▶ [What to work on]:
A faithful transcription of the entries below is required.

▶ [Records]:

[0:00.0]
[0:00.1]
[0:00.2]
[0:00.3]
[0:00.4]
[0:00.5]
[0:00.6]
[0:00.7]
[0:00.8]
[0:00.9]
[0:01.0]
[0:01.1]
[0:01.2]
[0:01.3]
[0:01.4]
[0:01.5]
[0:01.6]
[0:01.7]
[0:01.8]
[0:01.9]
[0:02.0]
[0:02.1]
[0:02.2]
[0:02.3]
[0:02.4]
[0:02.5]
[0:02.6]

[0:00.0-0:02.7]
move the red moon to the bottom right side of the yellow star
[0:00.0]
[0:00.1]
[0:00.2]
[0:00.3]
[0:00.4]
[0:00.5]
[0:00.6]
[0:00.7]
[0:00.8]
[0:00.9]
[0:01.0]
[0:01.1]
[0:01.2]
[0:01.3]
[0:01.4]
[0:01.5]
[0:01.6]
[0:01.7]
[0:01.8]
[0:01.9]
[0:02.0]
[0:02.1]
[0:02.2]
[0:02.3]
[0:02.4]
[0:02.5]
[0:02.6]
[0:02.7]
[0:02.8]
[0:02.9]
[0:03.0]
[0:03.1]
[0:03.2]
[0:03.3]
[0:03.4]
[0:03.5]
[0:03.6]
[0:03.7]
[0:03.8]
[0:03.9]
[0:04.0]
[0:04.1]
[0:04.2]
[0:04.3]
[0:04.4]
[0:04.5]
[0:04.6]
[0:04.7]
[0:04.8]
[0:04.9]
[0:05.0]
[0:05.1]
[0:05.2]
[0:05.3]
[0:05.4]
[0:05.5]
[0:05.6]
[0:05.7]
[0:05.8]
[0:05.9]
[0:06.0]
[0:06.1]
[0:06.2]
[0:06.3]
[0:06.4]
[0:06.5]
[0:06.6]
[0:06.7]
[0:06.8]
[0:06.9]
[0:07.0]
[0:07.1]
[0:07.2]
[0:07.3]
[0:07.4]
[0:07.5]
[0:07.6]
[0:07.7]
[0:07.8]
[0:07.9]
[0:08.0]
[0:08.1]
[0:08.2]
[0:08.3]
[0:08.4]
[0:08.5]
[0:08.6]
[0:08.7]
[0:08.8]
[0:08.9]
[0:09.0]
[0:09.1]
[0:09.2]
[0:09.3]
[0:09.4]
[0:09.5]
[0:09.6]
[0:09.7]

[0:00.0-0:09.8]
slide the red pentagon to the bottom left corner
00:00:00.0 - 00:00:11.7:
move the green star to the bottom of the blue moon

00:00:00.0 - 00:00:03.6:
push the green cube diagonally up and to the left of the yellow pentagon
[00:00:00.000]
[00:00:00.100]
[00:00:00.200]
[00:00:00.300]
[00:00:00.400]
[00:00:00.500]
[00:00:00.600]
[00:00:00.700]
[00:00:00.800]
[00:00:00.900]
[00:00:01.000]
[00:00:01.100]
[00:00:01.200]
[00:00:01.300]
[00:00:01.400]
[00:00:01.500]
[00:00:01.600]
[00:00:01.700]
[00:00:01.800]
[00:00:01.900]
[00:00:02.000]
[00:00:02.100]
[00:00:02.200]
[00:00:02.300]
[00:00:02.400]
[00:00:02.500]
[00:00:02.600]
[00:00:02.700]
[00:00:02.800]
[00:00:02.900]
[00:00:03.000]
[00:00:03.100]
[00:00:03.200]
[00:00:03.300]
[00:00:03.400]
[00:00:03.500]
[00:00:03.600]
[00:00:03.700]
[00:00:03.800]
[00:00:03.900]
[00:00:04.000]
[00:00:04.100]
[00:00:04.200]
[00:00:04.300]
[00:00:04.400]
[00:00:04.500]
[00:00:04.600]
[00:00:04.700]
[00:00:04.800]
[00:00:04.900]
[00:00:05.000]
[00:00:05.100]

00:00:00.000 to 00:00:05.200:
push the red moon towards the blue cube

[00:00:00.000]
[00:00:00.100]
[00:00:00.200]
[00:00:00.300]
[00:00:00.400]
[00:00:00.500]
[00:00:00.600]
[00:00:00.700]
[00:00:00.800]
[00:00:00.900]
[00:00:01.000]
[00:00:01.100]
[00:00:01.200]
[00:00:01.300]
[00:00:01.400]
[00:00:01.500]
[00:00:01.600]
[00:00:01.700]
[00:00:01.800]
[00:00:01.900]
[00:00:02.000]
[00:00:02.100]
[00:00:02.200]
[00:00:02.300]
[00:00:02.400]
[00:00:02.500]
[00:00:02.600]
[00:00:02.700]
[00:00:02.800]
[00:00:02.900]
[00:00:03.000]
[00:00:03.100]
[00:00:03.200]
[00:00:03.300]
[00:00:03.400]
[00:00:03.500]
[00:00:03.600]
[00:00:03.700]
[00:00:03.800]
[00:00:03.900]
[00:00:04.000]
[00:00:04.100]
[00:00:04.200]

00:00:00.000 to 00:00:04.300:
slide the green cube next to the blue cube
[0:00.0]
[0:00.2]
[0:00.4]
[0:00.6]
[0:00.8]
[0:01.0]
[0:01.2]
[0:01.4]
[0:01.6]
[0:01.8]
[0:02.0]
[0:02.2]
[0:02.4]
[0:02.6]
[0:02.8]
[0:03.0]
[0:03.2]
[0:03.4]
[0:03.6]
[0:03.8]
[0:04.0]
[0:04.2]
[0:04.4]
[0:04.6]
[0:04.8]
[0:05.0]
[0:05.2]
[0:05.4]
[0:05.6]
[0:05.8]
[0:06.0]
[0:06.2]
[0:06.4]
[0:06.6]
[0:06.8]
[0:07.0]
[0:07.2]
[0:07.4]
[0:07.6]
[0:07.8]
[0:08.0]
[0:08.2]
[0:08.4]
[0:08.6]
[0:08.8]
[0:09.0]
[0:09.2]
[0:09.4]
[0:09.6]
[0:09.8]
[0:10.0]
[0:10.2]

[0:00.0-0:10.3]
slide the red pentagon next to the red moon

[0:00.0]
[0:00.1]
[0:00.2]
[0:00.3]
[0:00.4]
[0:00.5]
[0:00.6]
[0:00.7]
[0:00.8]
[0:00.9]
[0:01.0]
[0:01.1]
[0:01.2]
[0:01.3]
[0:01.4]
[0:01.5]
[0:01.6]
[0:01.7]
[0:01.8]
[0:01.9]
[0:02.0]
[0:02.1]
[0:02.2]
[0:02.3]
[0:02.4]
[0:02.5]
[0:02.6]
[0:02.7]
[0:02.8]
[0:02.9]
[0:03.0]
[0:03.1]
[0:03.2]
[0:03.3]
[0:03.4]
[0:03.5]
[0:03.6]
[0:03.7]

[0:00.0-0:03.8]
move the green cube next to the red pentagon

▶ [Problem solution]:
[0:00.0]
[0:00.1]
[0:00.2]
[0:00.3]
[0:00.4]
[0:00.5]
[0:00.6]
[0:00.7]
[0:00.8]
[0:00.9]
[0:01.0]
[0:01.1]
[0:01.2]
[0:01.3]
[0:01.4]
[0:01.5]
[0:01.6]
[0:01.7]
[0:01.8]
[0:01.9]
[0:02.0]
[0:02.1]
[0:02.2]
[0:02.3]
[0:02.4]
[0:02.5]
[0:02.6]

[0:00.0-0:02.7]
move the red moon to the bottom right side of the yellow star
[0:00.0]
[0:00.1]
[0:00.2]
[0:00.3]
[0:00.4]
[0:00.5]
[0:00.6]
[0:00.7]
[0:00.8]
[0:00.9]
[0:01.0]
[0:01.1]
[0:01.2]
[0:01.3]
[0:01.4]
[0:01.5]
[0:01.6]
[0:01.7]
[0:01.8]
[0:01.9]
[0:02.0]
[0:02.1]
[0:02.2]
[0:02.3]
[0:02.4]
[0:02.5]
[0:02.6]
[0:02.7]
[0:02.8]
[0:02.9]
[0:03.0]
[0:03.1]
[0:03.2]
[0:03.3]
[0:03.4]
[0:03.5]
[0:03.6]
[0:03.7]
[0:03.8]
[0:03.9]
[0:04.0]
[0:04.1]
[0:04.2]
[0:04.3]
[0:04.4]
[0:04.5]
[0:04.6]
[0:04.7]
[0:04.8]
[0:04.9]
[0:05.0]
[0:05.1]
[0:05.2]
[0:05.3]
[0:05.4]
[0:05.5]
[0:05.6]
[0:05.7]
[0:05.8]
[0:05.9]
[0:06.0]
[0:06.1]
[0:06.2]
[0:06.3]
[0:06.4]
[0:06.5]
[0:06.6]
[0:06.7]
[0:06.8]
[0:06.9]
[0:07.0]
[0:07.1]
[0:07.2]
[0:07.3]
[0:07.4]
[0:07.5]
[0:07.6]
[0:07.7]
[0:07.8]
[0:07.9]
[0:08.0]
[0:08.1]
[0:08.2]
[0:08.3]
[0:08.4]
[0:08.5]
[0:08.6]
[0:08.7]
[0:08.8]
[0:08.9]
[0:09.0]
[0:09.1]
[0:09.2]
[0:09.3]
[0:09.4]
[0:09.5]
[0:09.6]
[0:09.7]

[0:00.0-0:09.8]
slide the red pentagon to the bottom left corner
00:00:00.0 - 00:00:11.7:
move the green star to the bottom of the blue moon

00:00:00.0 - 00:00:03.6:
push the green cube diagonally up and to the left of the yellow pentagon
[00:00:00.000]
[00:00:00.100]
[00:00:00.200]
[00:00:00.300]
[00:00:00.400]
[00:00:00.500]
[00:00:00.600]
[00:00:00.700]
[00:00:00.800]
[00:00:00.900]
[00:00:01.000]
[00:00:01.100]
[00:00:01.200]
[00:00:01.300]
[00:00:01.400]
[00:00:01.500]
[00:00:01.600]
[00:00:01.700]
[00:00:01.800]
[00:00:01.900]
[00:00:02.000]
[00:00:02.100]
[00:00:02.200]
[00:00:02.300]
[00:00:02.400]
[00:00:02.500]
[00:00:02.600]
[00:00:02.700]
[00:00:02.800]
[00:00:02.900]
[00:00:03.000]
[00:00:03.100]
[00:00:03.200]
[00:00:03.300]
[00:00:03.400]
[00:00:03.500]
[00:00:03.600]
[00:00:03.700]
[00:00:03.800]
[00:00:03.900]
[00:00:04.000]
[00:00:04.100]
[00:00:04.200]
[00:00:04.300]
[00:00:04.400]
[00:00:04.500]
[00:00:04.600]
[00:00:04.700]
[00:00:04.800]
[00:00:04.900]
[00:00:05.000]
[00:00:05.100]

00:00:00.000 to 00:00:05.200:
push the red moon towards the blue cube

[00:00:00.000]
[00:00:00.100]
[00:00:00.200]
[00:00:00.300]
[00:00:00.400]
[00:00:00.500]
[00:00:00.600]
[00:00:00.700]
[00:00:00.800]
[00:00:00.900]
[00:00:01.000]
[00:00:01.100]
[00:00:01.200]
[00:00:01.300]
[00:00:01.400]
[00:00:01.500]
[00:00:01.600]
[00:00:01.700]
[00:00:01.800]
[00:00:01.900]
[00:00:02.000]
[00:00:02.100]
[00:00:02.200]
[00:00:02.300]
[00:00:02.400]
[00:00:02.500]
[00:00:02.600]
[00:00:02.700]
[00:00:02.800]
[00:00:02.900]
[00:00:03.000]
[00:00:03.100]
[00:00:03.200]
[00:00:03.300]
[00:00:03.400]
[00:00:03.500]
[00:00:03.600]
[00:00:03.700]
[00:00:03.800]
[00:00:03.900]
[00:00:04.000]
[00:00:04.100]
[00:00:04.200]

00:00:00.000 to 00:00:04.300:
slide the green cube next to the blue cube
[0:00.0]
[0:00.2]
[0:00.4]
[0:00.6]
[0:00.8]
[0:01.0]
[0:01.2]
[0:01.4]
[0:01.6]
[0:01.8]
[0:02.0]
[0:02.2]
[0:02.4]
[0:02.6]
[0:02.8]
[0:03.0]
[0:03.2]
[0:03.4]
[0:03.6]
[0:03.8]
[0:04.0]
[0:04.2]
[0:04.4]
[0:04.6]
[0:04.8]
[0:05.0]
[0:05.2]
[0:05.4]
[0:05.6]
[0:05.8]
[0:06.0]
[0:06.2]
[0:06.4]
[0:06.6]
[0:06.8]
[0:07.0]
[0:07.2]
[0:07.4]
[0:07.6]
[0:07.8]
[0:08.0]
[0:08.2]
[0:08.4]
[0:08.6]
[0:08.8]
[0:09.0]
[0:09.2]
[0:09.4]
[0:09.6]
[0:09.8]
[0:10.0]
[0:10.2]

[0:00.0-0:10.3]
slide the red pentagon next to the red moon

[0:00.0]
[0:00.1]
[0:00.2]
[0:00.3]
[0:00.4]
[0:00.5]
[0:00.6]
[0:00.7]
[0:00.8]
[0:00.9]
[0:01.0]
[0:01.1]
[0:01.2]
[0:01.3]
[0:01.4]
[0:01.5]
[0:01.6]
[0:01.7]
[0:01.8]
[0:01.9]
[0:02.0]
[0:02.1]
[0:02.2]
[0:02.3]
[0:02.4]
[0:02.5]
[0:02.6]
[0:02.7]
[0:02.8]
[0:02.9]
[0:03.0]
[0:03.1]
[0:03.2]
[0:03.3]
[0:03.4]
[0:03.5]
[0:03.6]
[0:03.7]

[0:00.0-0:03.8]
move the green cube next to the red pentagon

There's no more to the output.